EXERCISE DETAILS: Pull out the lines from the one containing "Vraag: Wat is de datum van deze uitspraak?" through the final line of the listing below and repeat them exactly. Leave the pictures behind.

STORED DATA:
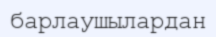
барлаушылардан
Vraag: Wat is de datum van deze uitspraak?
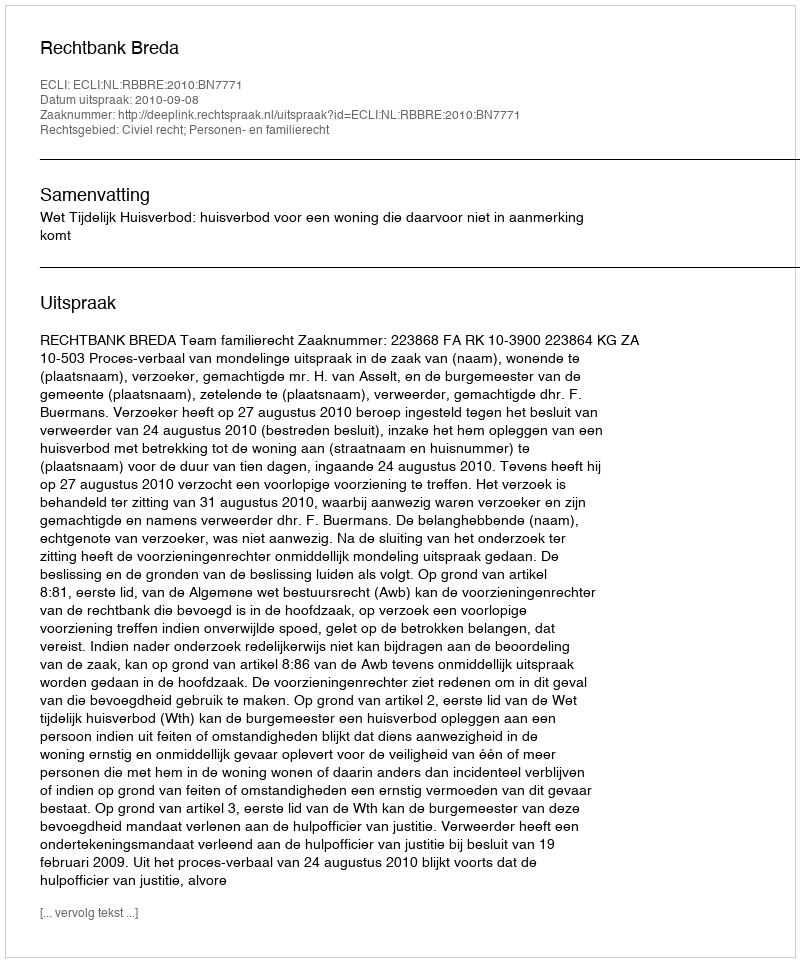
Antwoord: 2010-09-08
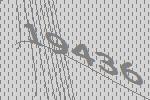
19436
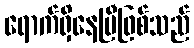
ရောက်ရှိနေပြီဖြစ်သည်
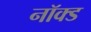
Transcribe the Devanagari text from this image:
नॉक्ड
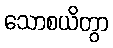
သောစယိတွာ
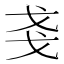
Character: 戔
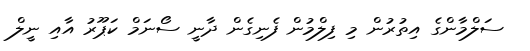
ސަލްމާންގެ އިތުރުން މި ފިލްމުން ފެނިގެން ދާނީ ސޯނަމް ކަޕޫރު އާއި ނީލް
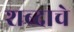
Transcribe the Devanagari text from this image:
शब्‍दाचे
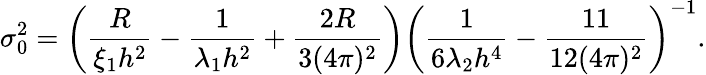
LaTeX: \sigma_{0}^{2}=\left(\frac{R}{\xi_{1}h^{2}}-\frac{1}{\lambda_{1}h^{2}}+\frac{2R}{3(4\pi)^{2}}\right)\left(\frac{1}{6\lambda_{2}h^{4}}-\frac{11}{12(4\pi)^{2}}\right)^{-1}.
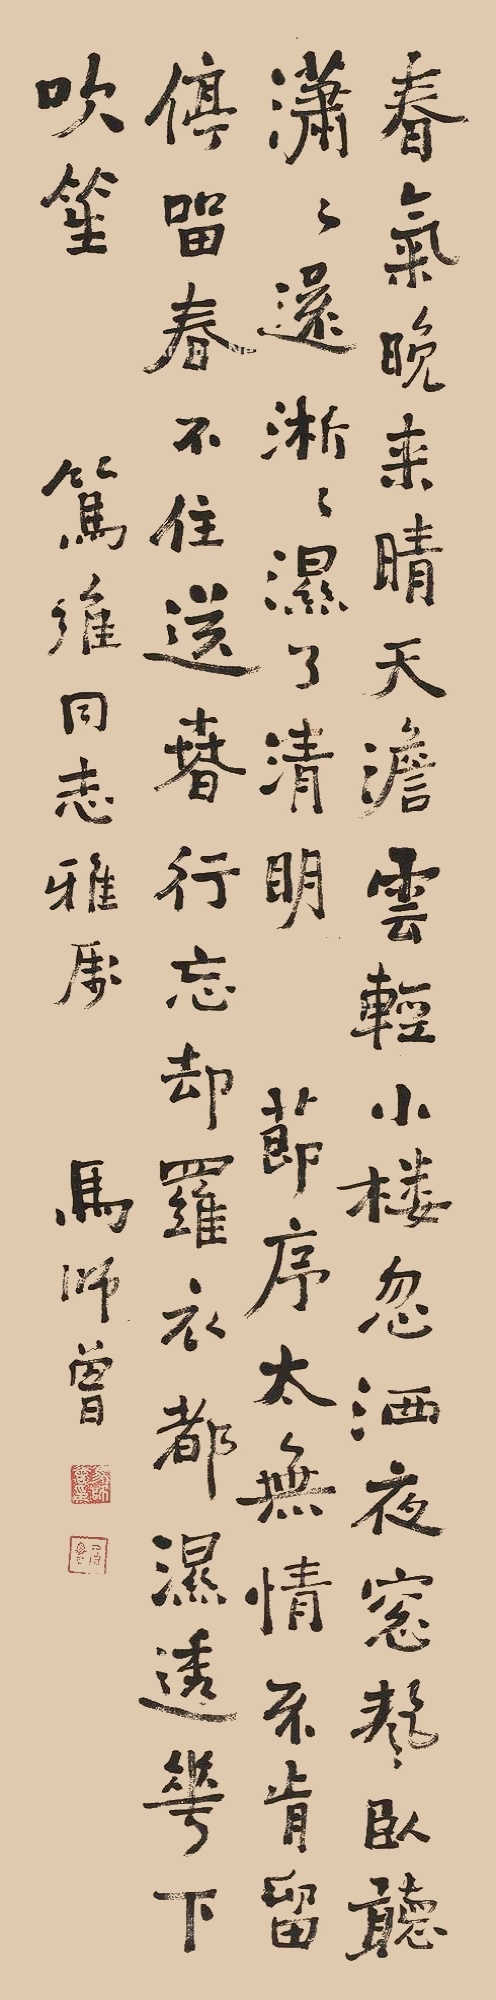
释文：春气晚来晴，天淡云轻。小楼忽洒夜窗声。卧听潇潇还淅淅，湿了清明。节序太无情，不肯留停。留春不住送春行。忘却罗衣都湿透，花下吹笙。笃维同志雅属，马师曾。
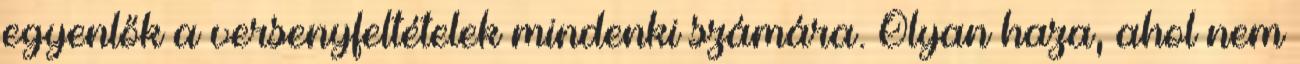
egyenlők a versenyfeltételek mindenki számára. Olyan haza, ahol nem
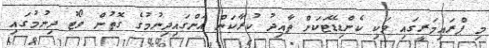
މި ޕްރައިމަރީގައި ވަކި ކެންޑިޑޭޓަކަށް ތާއިދު ކުރާކަން އަންގައިދިނުމުގެ ގޮތުން ވޯޓު ދިނުމުގައި
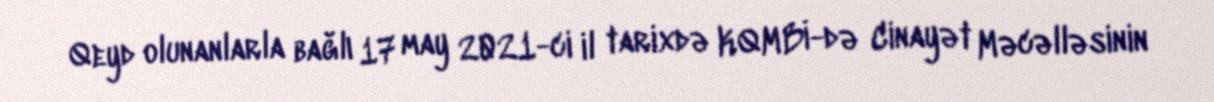
Qeyd olunanlarla bağlı 17 may 2021-ci il tarixdə KQMBİ-də Cinayət Məcəlləsinin
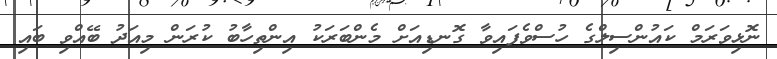
ނޮޅިވަރަމް ކައުންސިލްގެ ހުސްވެފައިވާ ގޮނޑިއަށް މެންބަރަކު އިންތިހާބު ކުރަން މިއަދު ބޭއްވި ބައި
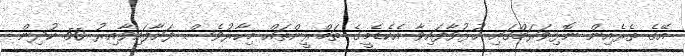
އޭގެ ތެރެއިން ނޮޅިވަރަމްގައި ހުޅުވާފައިވާ އެކެޑެމީގެ ތަމްރީންތައް މިހާރުވެސް ފަށާފައިވާއިރު 50 ކުދިން
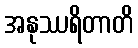
အနုဿရိတာတိ
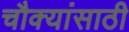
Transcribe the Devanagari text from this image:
चौक्यांसाठी
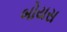
બોયસ
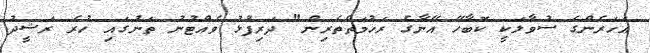
އަހަރެންގެ ސުވާލަކީ ކޮބާހޭ އޭނާގެ ރަހުމަތްތެރިން" ދަރިފުޅު ވެއްޓުނު ތަނުގައި ހުރެ ރަޝީދު
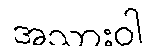
အသားဝါ

SOLUTION FOR THIS PROBLEM:
Vraag: Wat is de datum van deze uitspraak?
Antwoord: 2010-09-08
19436
ရောက်ရှိနေပြီဖြစ်သည်
Transcribe the Devanagari text from this image:
नॉक्ड
သောစယိတွာ
Character: 戔
ސަލްމާންގެ އިތުރުން މި ފިލްމުން ފެނިގެން ދާނީ ސޯނަމް ކަޕޫރު އާއި ނީލް
Transcribe the Devanagari text from this image:
शब्‍दाचे
LaTeX: \sigma_{0}^{2}=\left(\frac{R}{\xi_{1}h^{2}}-\frac{1}{\lambda_{1}h^{2}}+\frac{2R}{3(4\pi)^{2}}\right)\left(\frac{1}{6\lambda_{2}h^{4}}-\frac{11}{12(4\pi)^{2}}\right)^{-1}.
释文：春气晚来晴，天淡云轻。小楼忽洒夜窗声。卧听潇潇还淅淅，湿了清明。节序太无情，不肯留停。留春不住送春行。忘却罗衣都湿透，花下吹笙。笃维同志雅属，马师曾。
egyenlők a versenyfeltételek mindenki számára. Olyan haza, ahol nem
މި ޕްރައިމަރީގައި ވަކި ކެންޑިޑޭޓަކަށް ތާއިދު ކުރާކަން އަންގައިދިނުމުގެ ގޮތުން ވޯޓު ދިނުމުގައި
Qeyd olunanlarla bağlı 17 may 2021-ci il tarixdə KQMBİ-də Cinayət Məcəlləsinin
ނޮޅިވަރަމް ކައުންސިލްގެ ހުސްވެފައިވާ ގޮނޑިއަށް މެންބަރަކު އިންތިހާބު ކުރަން މިއަދު ބޭއްވި ބައި
އޭގެ ތެރެއިން ނޮޅިވަރަމްގައި ހުޅުވާފައިވާ އެކެޑެމީގެ ތަމްރީންތައް މިހާރުވެސް ފަށާފައިވާއިރު 50 ކުދިން
အနုဿရိတာတိ
Transcribe the Devanagari text from this image:
चौक्यांसाठी
બોયસ
އަހަރެންގެ ސުވާލަކީ ކޮބާހޭ އޭނާގެ ރަހުމަތްތެރިން" ދަރިފުޅު ވެއްޓުނު ތަނުގައި ހުރެ ރަޝީދު
အသားဝါ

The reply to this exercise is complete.